Try Bayer rose&garden spray. Lowes sells it.


----------



## SlipperFan (Mar 19, 2009)

Also is in Bayer Tree and Shrub.


----------



## parvi_17 (Mar 20, 2009)

I have found that both neem oil and insecticidal soap work pretty well. However, I have never sprayed the soap on young seedlings.


----------



## likespaphs (Mar 20, 2009)

a hard water spray (just water sprayed hard enough to knock them off without damaging the plant) is very effective.
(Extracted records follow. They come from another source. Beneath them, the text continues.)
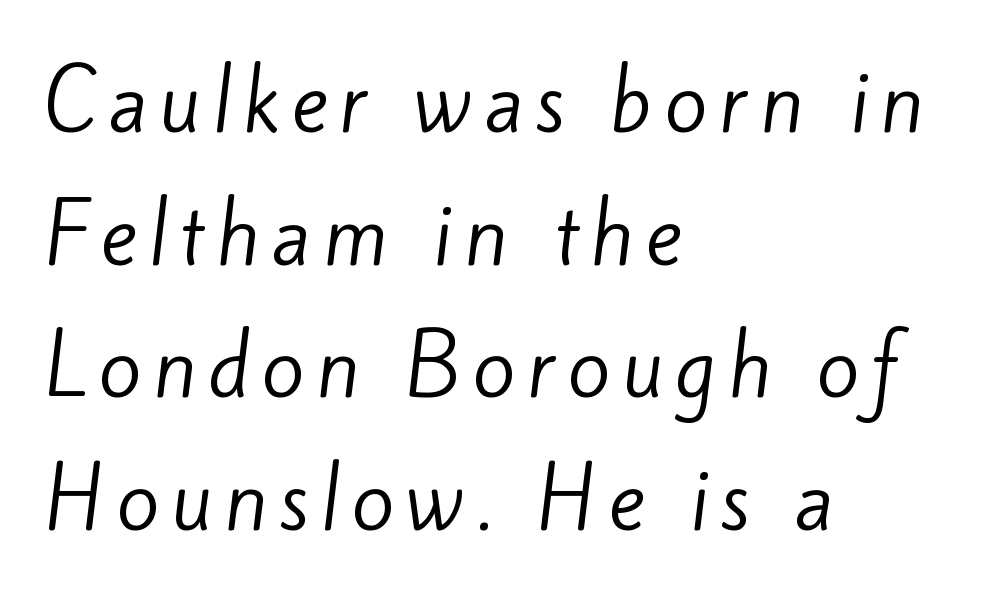
Q: Is the text bold? A: No.
Q: Is the typeface a serif or a sans-serif typeface? A: Sans-serif.
Q: Is the text underlined? A: No.
Q: How is the paragraph aligned? A: Left-aligned.
Q: Is the spacing between lines tight, normal or loose? A: Normal.
Q: Width (condensed, normal, or wide)? A: Normal.
Q: Stroke contrast? A: Low.
Q: x-height? A: Small.
Q: Monospaced? A: No.
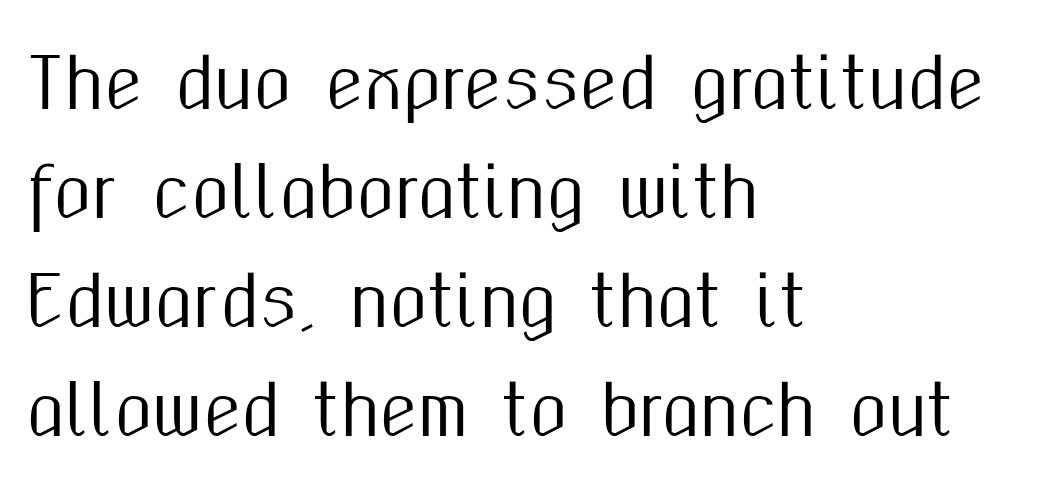
Q: Is the text italic (slanted)? A: No, it is upright.
Q: Is the typeface a serif or a sans-serif typeface? A: Sans-serif.
Q: Is the text underlined? A: No.
Q: How is the paragraph aligned? A: Left-aligned.
Q: Is the spacing between letters normal or unusually wide? A: Normal.
Q: Is the spacing between lines tight, normal or loose? A: Normal.
Q: Width (condensed, normal, or wide)? A: Condensed.
Q: Stroke contrast? A: Medium.
Q: x-height? A: Medium.
Q: Monospaced? A: No.
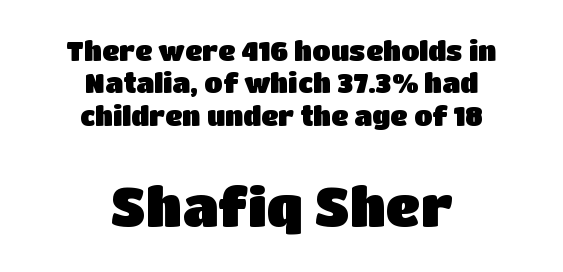
Q: Is the text italic (slanted)? A: No, it is upright.
Q: Is the typeface a serif or a sans-serif typeface? A: Sans-serif.
Q: Is the text underlined? A: No.
Q: How is the paragraph aligned? A: Centered.
Q: Is the spacing between letters normal or unusually wide? A: Normal.
Q: Which block of text is set in a larger size, the first (top) or the second (bottom)? A: The second (bottom) one.
Q: Width (condensed, normal, or wide)? A: Normal.
Q: Stroke contrast? A: Low.
Q: x-height? A: Large.
Q: Monospaced? A: No.
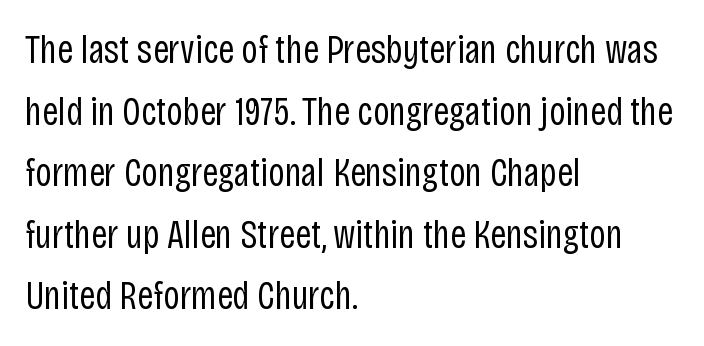
The string is rendered with underlining switched off. The gaps between neighbouring characters are ordinary and unremarkable. The cut favours lightness, reaching ordinary text weight at its darkest. The lines in this sample share a left origin and differ only in where they stop. The passage shown is typed in a proportional face where columns would drift. Is there much room between lines? A standard amount, neither cramped nor airy.
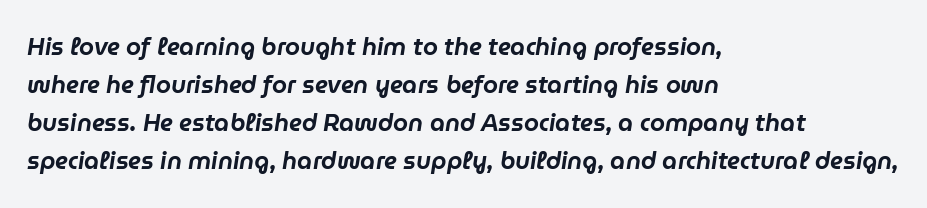
Notice how the passage keeps a crisp vertical edge on the left only. Quick note: interline space is typical. Anything drawn beneath the words? Only blank space. Compared with typical body copy, the letter spacing here is the same. When letters slant like this, we call the style italic.
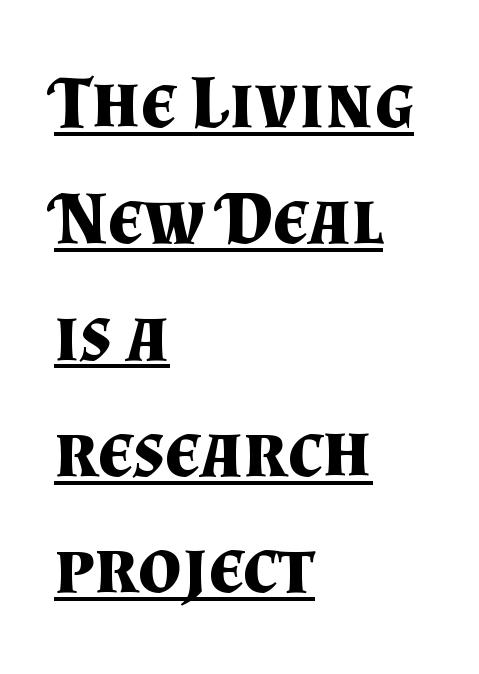
The specimen reads as upright at a glance. Between one letter and the next there's only the usual sliver of space. The face used here is seriffed, in the tradition of book romans. The rendering anchors every line to the left-hand side. Do the characters align in a grid? No, the font is proportional. The glyphs are accompanied by a horizontal stroke just below them.
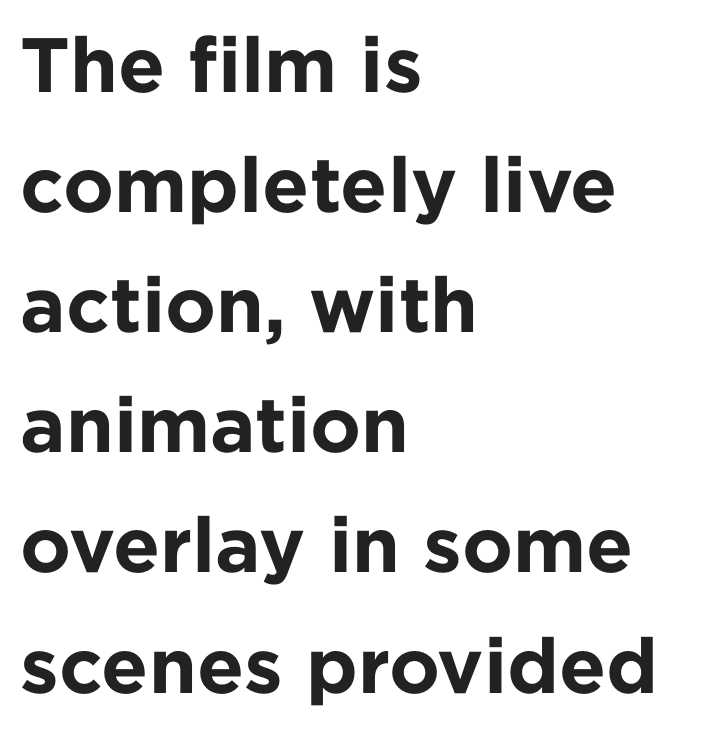
A typesetter would mark this as roman, not italic. Underline: absent. Between one letter and the next there's only the usual sliver of space. You could not count columns in this text — the font is proportionally spaced. Line beginnings align vertically; line endings do not.
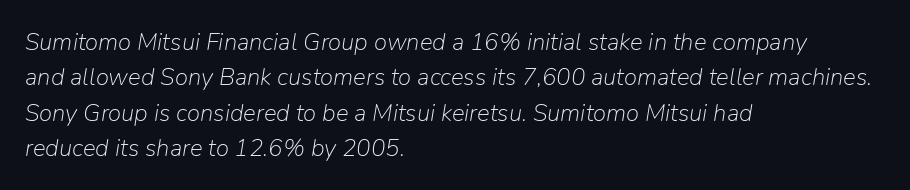
{"italic": "yes", "lean": "right", "slant_degrees": 9, "bold": "no", "underline": "no", "align": "left", "line_spacing": "normal", "line_spacing_ratio": 1.47, "letter_spacing": "normal", "letter_spacing_em": 0.0, "glyph_px": 24}
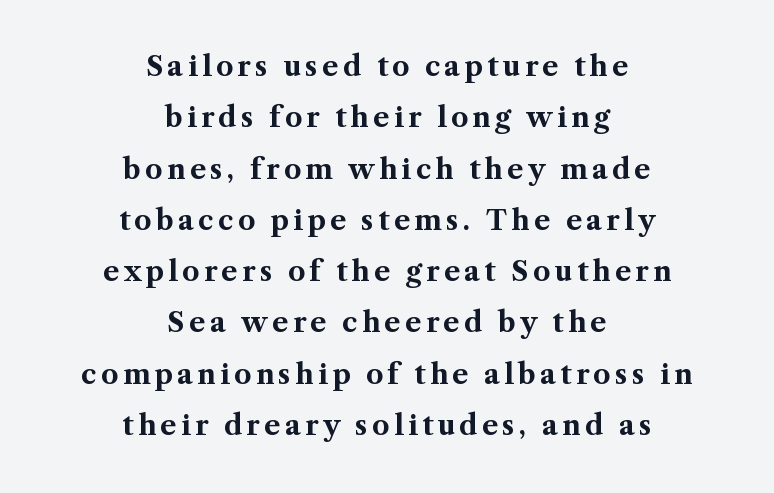
{"italic": "no", "bold": "yes", "underline": "no", "align": "center", "line_spacing": "loose", "line_spacing_ratio": 1.9, "glyph_px": 27}
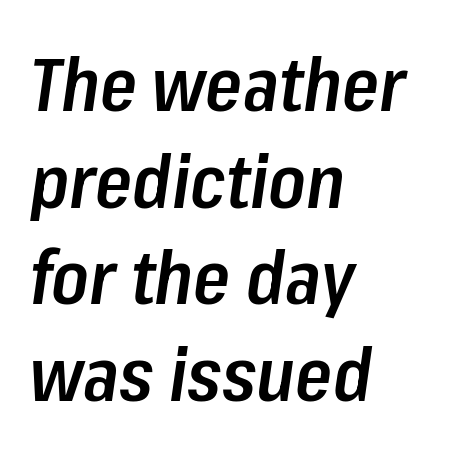
{"italic": "yes", "lean": "right", "slant_degrees": 8, "bold": "semi", "weight": "semibold", "width": "condensed", "stroke_contrast": "low", "x_height": "medium", "monospaced": "no", "underline": "no", "align": "left", "line_spacing": "normal", "line_spacing_ratio": 1.29, "letter_spacing": "normal", "letter_spacing_em": 0.0, "glyph_px": 75}
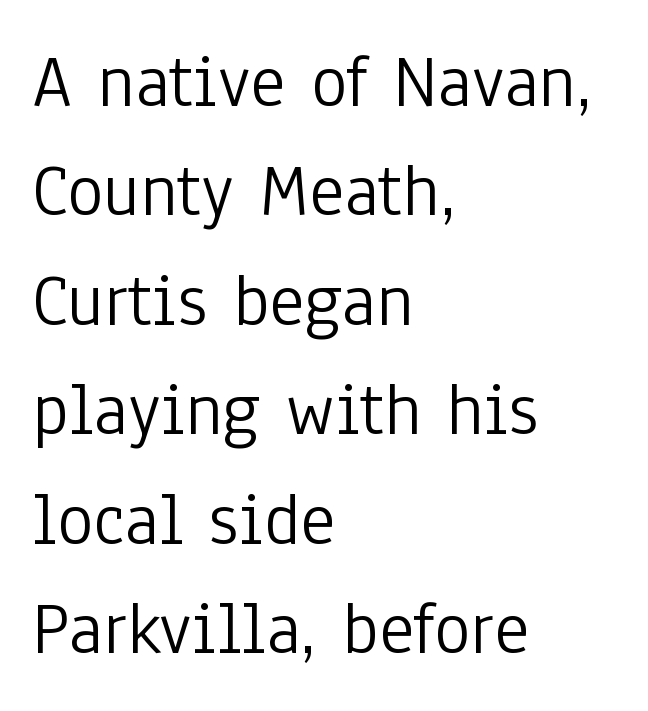
Q: Is the text bold? A: No.
Q: Is the text italic (slanted)? A: No, it is upright.
Q: Is the typeface a serif or a sans-serif typeface? A: Sans-serif.
Q: Is the text underlined? A: No.
Q: How is the paragraph aligned? A: Left-aligned.
Q: Is the spacing between letters normal or unusually wide? A: Normal.
Q: Is the spacing between lines tight, normal or loose? A: Normal.
Q: Width (condensed, normal, or wide)? A: Condensed.
Q: Stroke contrast? A: Low.
Q: x-height? A: Medium.
Q: Monospaced? A: No.
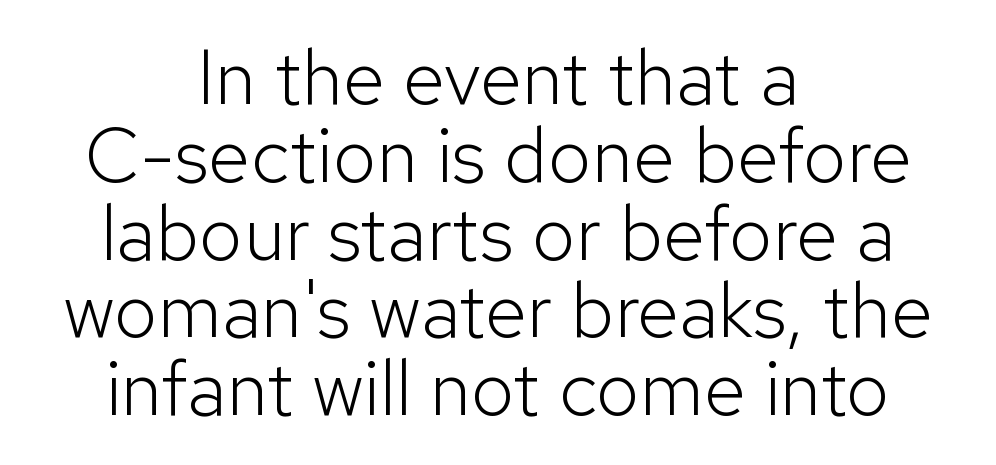
Q: Is the text bold? A: No.
Q: Is the text italic (slanted)? A: No, it is upright.
Q: Is the typeface a serif or a sans-serif typeface? A: Sans-serif.
Q: Is the text underlined? A: No.
Q: How is the paragraph aligned? A: Centered.
Q: Is the spacing between letters normal or unusually wide? A: Normal.
Q: Is the spacing between lines tight, normal or loose? A: Tight.
Q: Width (condensed, normal, or wide)? A: Normal.
Q: Stroke contrast? A: Low.
Q: x-height? A: Medium.
Q: Monospaced? A: No.
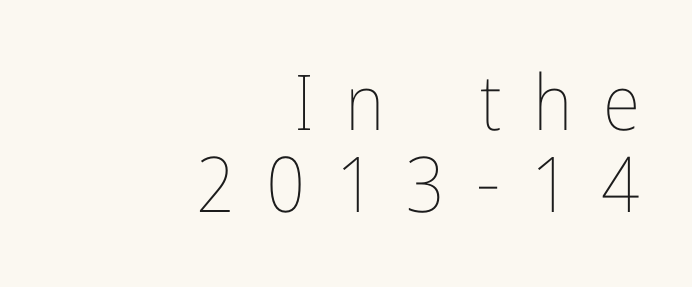
Only glyphs here, with clear space below each row. Summary of weight: not heavy and not bold. Is the block centered? No — it sits flush against the right margin. Summary of vertical rhythm: compact, with narrow interline spacing.
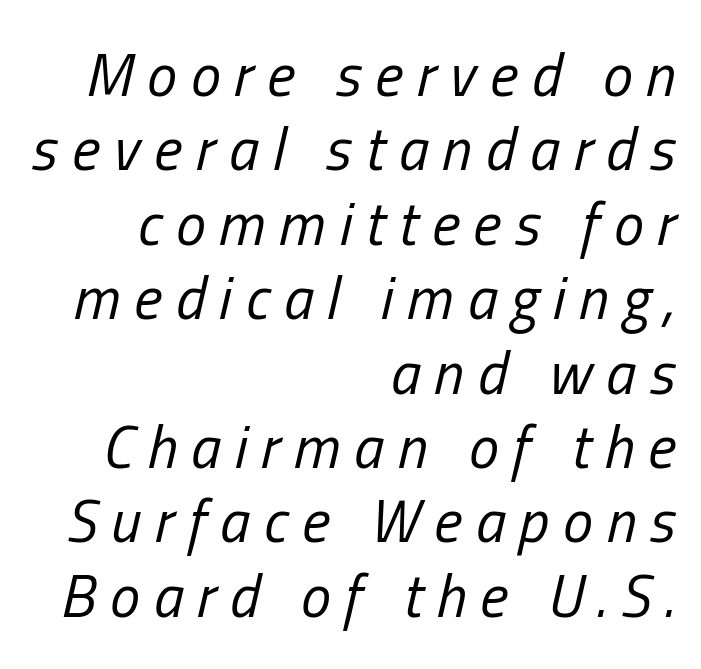
The image shows 60 px regular-weight, condensed type, italic (leaning right); set right-aligned, line spacing 1.24x, unusually wide letter spacing (+0.23 em), not underlined; low stroke contrast and a medium x-height.
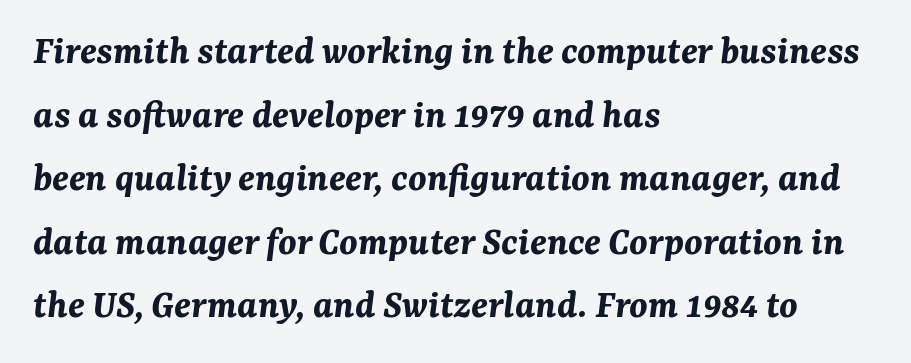
The image shows 41 px bold type, italic (leaning right); set left-aligned, normal line spacing (1.55x), normal letter spacing, not underlined; medium stroke contrast and a medium x-height.
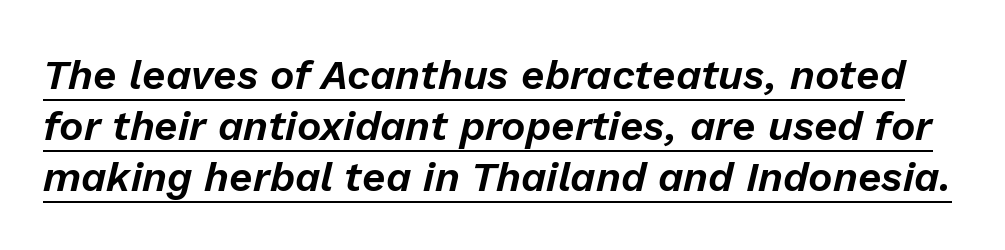
The image shows 41 px text type, italic (leaning right); set normal line spacing (1.25x), normal letter spacing, underlined; low stroke contrast and a medium x-height.
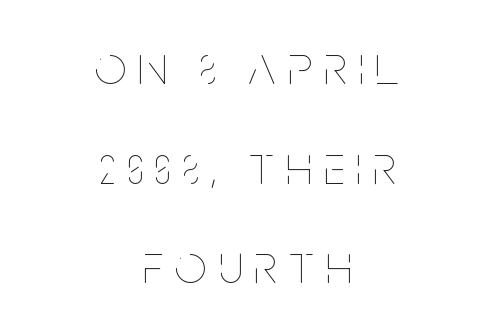
Each stroke keeps to a modest, everyday thickness or less. The lines in this sample share a center point and differ in where they start and stop. Descenders are the only things crossing below the line. The specimen reads as upright at a glance. The type is letterspaced generously, with wide tracking.
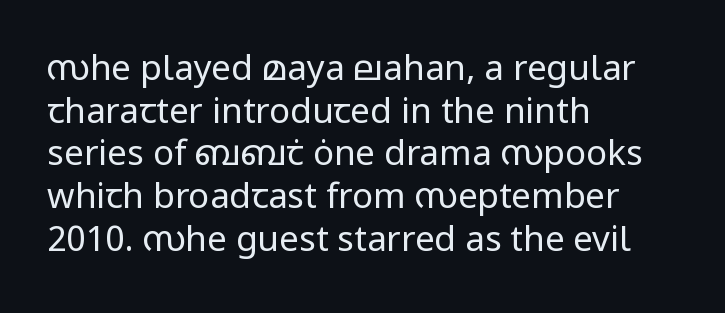
A classic flush-left, rag-right setting is used for this passage. Students, note that the glyphs here touch the page at normal intervals. The rendering uses natural spacing where letterforms have individual widths. Check under the words: just untouched page.
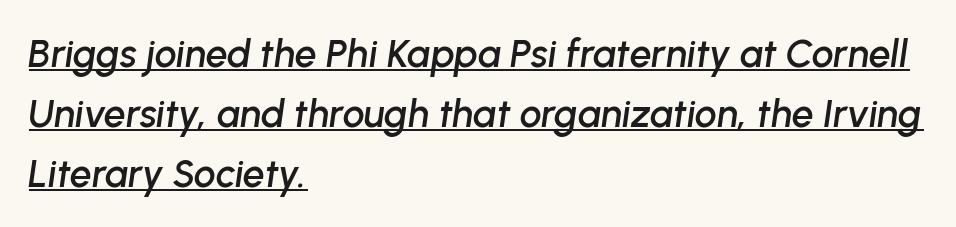
The face used here appears with an underline applied. Proportional: the letters do not fall into vertical columns. Vertically, the passage feels balanced, rows spaced as you'd expect. Inter-character spacing is left at the font's built-in metrics. Quick note: italic. A student would call this left alignment; a typographer would say flush left, rag right.
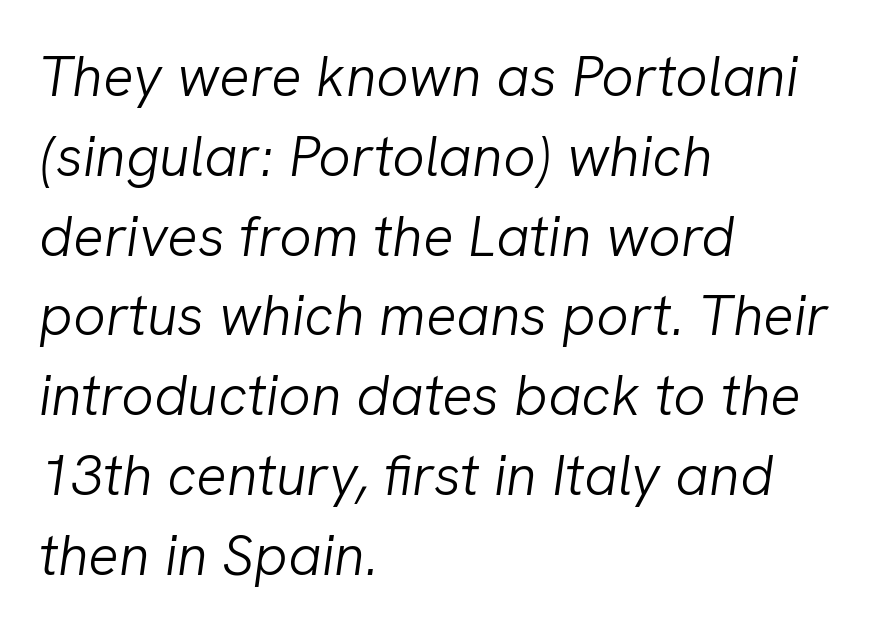
Q: Is the text bold? A: No.
Q: Is the text italic (slanted)? A: Yes, it leans right by about 8 degrees.
Q: Is the text underlined? A: No.
Q: How is the paragraph aligned? A: Left-aligned.
Q: Is the spacing between letters normal or unusually wide? A: Normal.
Q: Is the spacing between lines tight, normal or loose? A: Normal.
Q: Width (condensed, normal, or wide)? A: Normal.
Q: Stroke contrast? A: Low.
Q: x-height? A: Medium.
Q: Monospaced? A: No.
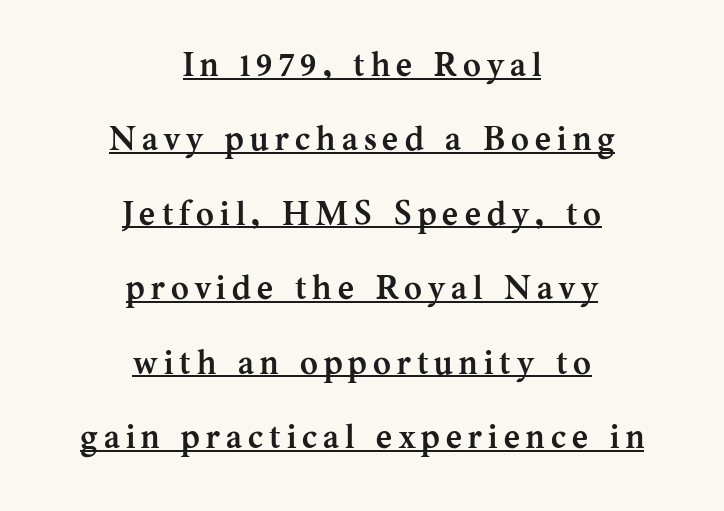
{"serif": "yes", "italic": "no", "bold": "yes", "weight": "semibold", "width": "normal", "stroke_contrast": "medium", "x_height": "medium", "monospaced": "no", "underline": "yes", "align": "center", "line_spacing": "loose", "line_spacing_ratio": 2.19, "glyph_px": 34}

beneficial insects would be great but they'll take a bit of time to work and come in the mail so it could be at least several weeks before you'd see control. if you get a pesticide that is okay to use with beneficials, the wasp Aphidius are *very *effective...
more info on Aphidius click here


----------



## Clark (Mar 20, 2009)

Found four adults today huddled together under one leaf. I killed them and
their unborn manually(IPM). Soap and water was the first round of remedy.
If I see another adult in the next week, the Bayer spray is next, I bought it
this morning.
Thank-you to all above.
BTW, nice link for the wasps. My wife said not in the house. Thanks, Clark


----------



## cnycharles (Mar 20, 2009)

lacewings and ladybugs just love aphids; best control for them is strong water spray. a little alcohol would probably kill them as well but try to avoid getting on roots


----------